(The input):
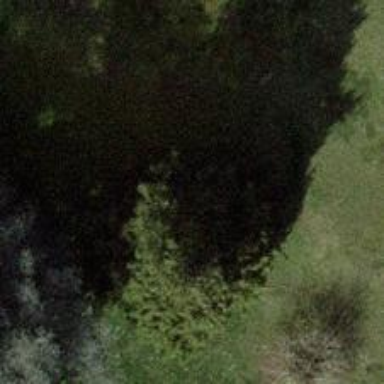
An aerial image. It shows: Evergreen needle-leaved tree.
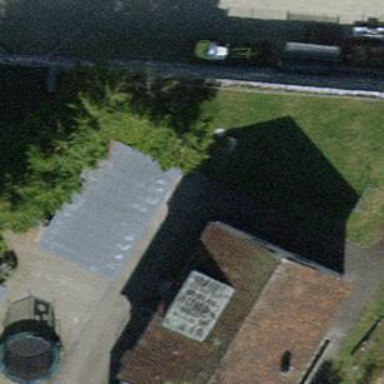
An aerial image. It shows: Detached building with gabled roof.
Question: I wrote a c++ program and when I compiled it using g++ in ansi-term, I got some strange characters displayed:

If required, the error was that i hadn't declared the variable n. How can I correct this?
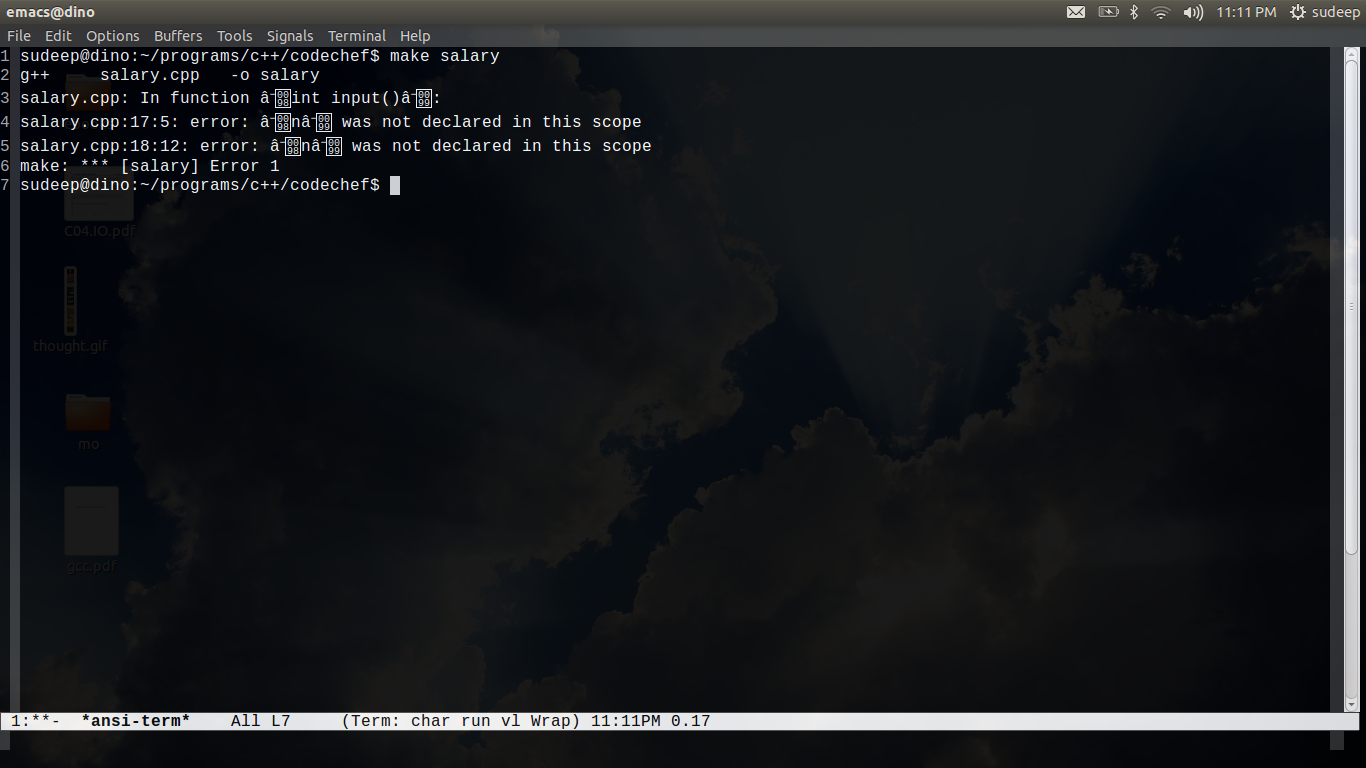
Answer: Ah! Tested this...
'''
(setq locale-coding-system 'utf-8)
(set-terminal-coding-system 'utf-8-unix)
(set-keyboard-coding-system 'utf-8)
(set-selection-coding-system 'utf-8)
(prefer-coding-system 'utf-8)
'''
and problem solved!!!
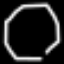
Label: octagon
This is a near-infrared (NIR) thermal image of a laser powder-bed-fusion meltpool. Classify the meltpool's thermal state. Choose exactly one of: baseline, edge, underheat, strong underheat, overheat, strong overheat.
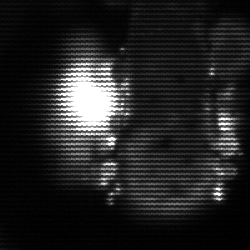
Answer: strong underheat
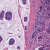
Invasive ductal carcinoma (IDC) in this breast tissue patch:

(Work task): The task requires restating verbatim the lines from the one that holds "Answer: strong underheat" through the end of the listing, both ends counted, and no pictures.

(Solution for this problem):
Answer: strong underheat
Invasive ductal carcinoma (IDC) in this breast tissue patch:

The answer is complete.